Extracted records>
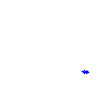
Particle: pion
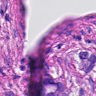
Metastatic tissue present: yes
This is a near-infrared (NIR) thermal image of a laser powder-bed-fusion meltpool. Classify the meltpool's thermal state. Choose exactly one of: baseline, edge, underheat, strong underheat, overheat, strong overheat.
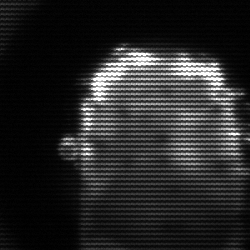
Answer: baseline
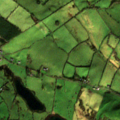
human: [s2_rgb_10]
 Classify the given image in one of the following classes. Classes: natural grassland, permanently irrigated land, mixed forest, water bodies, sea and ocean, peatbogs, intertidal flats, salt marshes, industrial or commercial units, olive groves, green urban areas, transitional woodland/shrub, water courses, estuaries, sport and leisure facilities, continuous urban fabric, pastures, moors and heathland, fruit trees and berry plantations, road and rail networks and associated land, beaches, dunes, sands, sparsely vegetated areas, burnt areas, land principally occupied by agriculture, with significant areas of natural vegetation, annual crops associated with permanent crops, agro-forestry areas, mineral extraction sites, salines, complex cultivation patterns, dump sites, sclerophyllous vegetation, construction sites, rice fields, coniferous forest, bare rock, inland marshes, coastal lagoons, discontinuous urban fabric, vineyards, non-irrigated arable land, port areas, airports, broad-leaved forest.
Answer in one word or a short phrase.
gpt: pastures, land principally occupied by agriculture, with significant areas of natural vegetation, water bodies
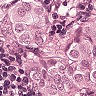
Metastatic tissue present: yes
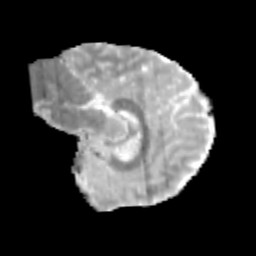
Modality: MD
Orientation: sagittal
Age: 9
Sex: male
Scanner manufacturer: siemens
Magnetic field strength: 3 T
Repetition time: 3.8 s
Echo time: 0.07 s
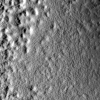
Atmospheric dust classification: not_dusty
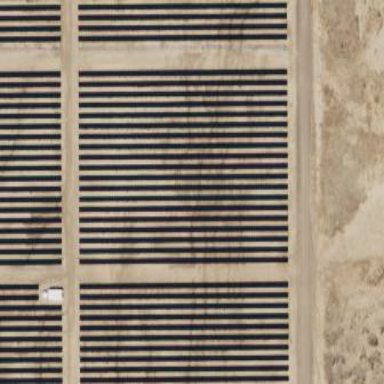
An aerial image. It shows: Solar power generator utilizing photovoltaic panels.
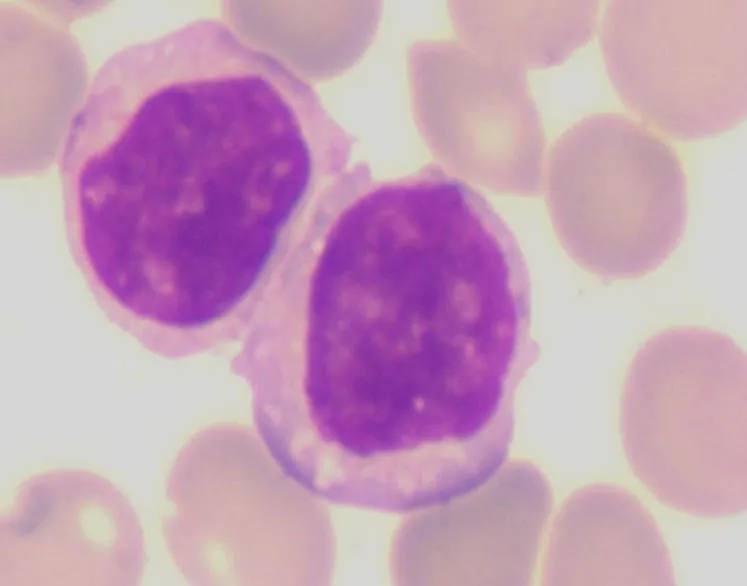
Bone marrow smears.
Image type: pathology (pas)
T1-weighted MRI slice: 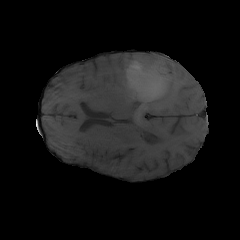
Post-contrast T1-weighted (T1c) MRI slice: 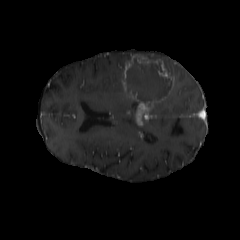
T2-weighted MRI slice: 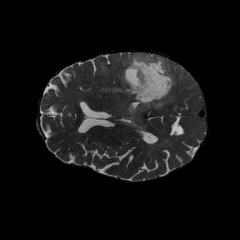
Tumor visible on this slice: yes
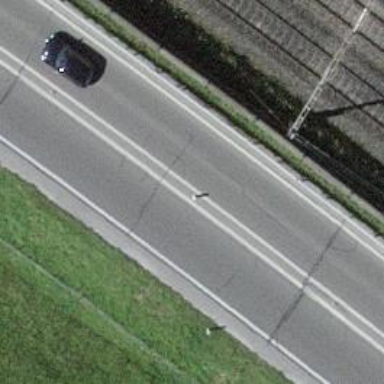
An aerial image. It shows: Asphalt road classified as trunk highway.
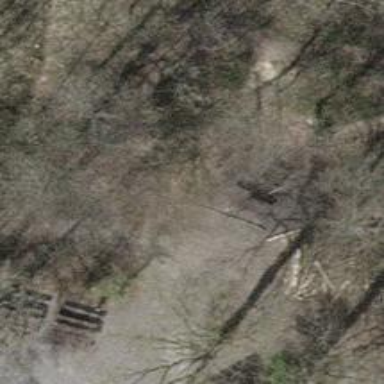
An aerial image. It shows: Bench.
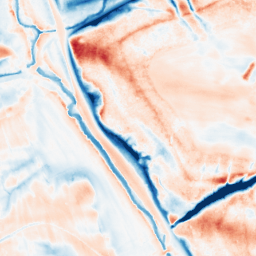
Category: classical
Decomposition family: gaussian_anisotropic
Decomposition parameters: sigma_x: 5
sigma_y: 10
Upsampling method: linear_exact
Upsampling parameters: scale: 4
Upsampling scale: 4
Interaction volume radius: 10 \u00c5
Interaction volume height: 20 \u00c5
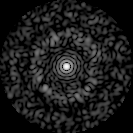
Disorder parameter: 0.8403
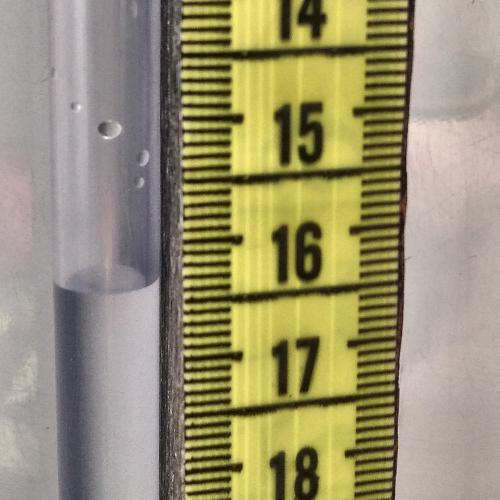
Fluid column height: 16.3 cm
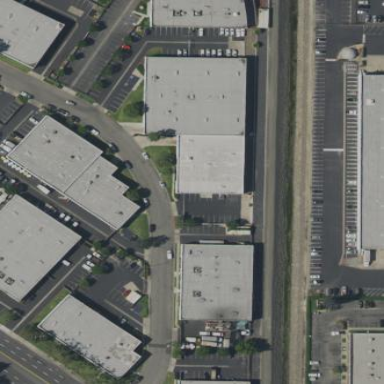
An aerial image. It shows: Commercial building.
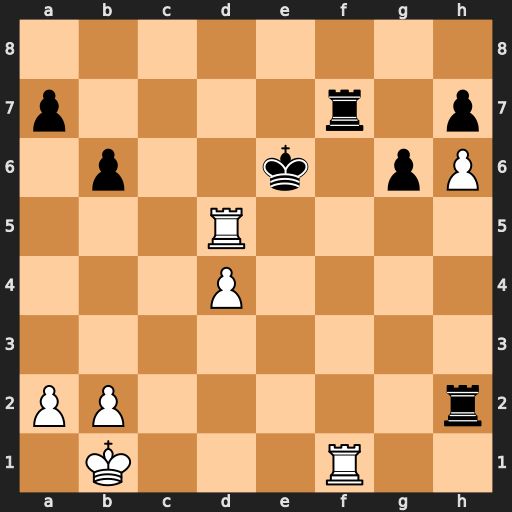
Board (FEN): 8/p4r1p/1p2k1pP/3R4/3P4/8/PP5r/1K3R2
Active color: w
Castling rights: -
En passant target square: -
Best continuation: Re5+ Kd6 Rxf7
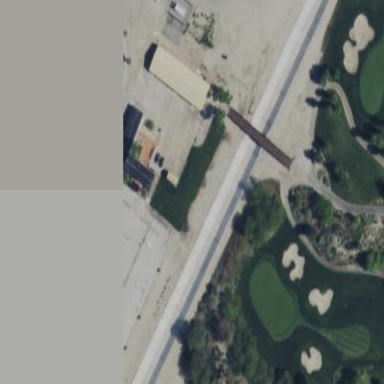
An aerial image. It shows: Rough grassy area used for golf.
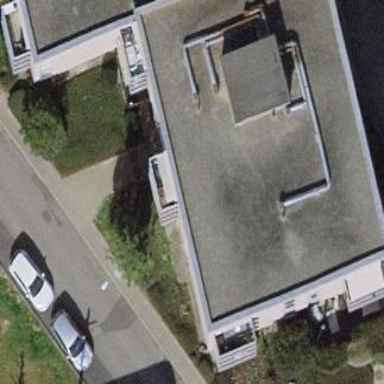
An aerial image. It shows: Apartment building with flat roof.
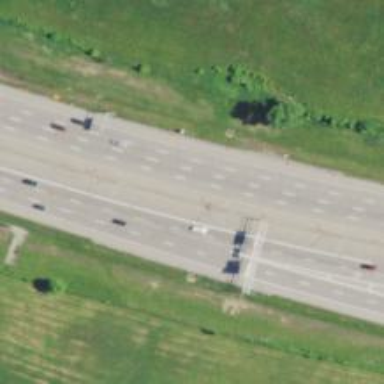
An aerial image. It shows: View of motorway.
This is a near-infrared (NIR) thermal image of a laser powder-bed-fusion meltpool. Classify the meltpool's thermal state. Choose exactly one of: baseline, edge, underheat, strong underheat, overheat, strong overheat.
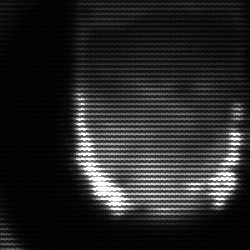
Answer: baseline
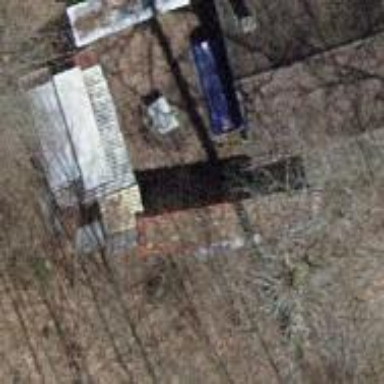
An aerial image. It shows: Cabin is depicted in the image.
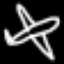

The task> All lines in the records above with "road" need to be found and copied.

Result of the exercise>
 Classify the given image in one of the following classes. Classes: natural grassland, permanently irrigated land, mixed forest, water bodies, sea and ocean, peatbogs, intertidal flats, salt marshes, industrial or commercial units, olive groves, green urban areas, transitional woodland/shrub, water courses, estuaries, sport and leisure facilities, continuous urban fabric, pastures, moors and heathland, fruit trees and berry plantations, road and rail networks and associated land, beaches, dunes, sands, sparsely vegetated areas, burnt areas, land principally occupied by agriculture, with significant areas of natural vegetation, annual crops associated with permanent crops, agro-forestry areas, mineral extraction sites, salines, complex cultivation patterns, dump sites, sclerophyllous vegetation, construction sites, rice fields, coniferous forest, bare rock, inland marshes, coastal lagoons, discontinuous urban fabric, vineyards, non-irrigated arable land, port areas, airports, broad-leaved forest.
An aerial image. It shows: Asphalt road classified as trunk highway.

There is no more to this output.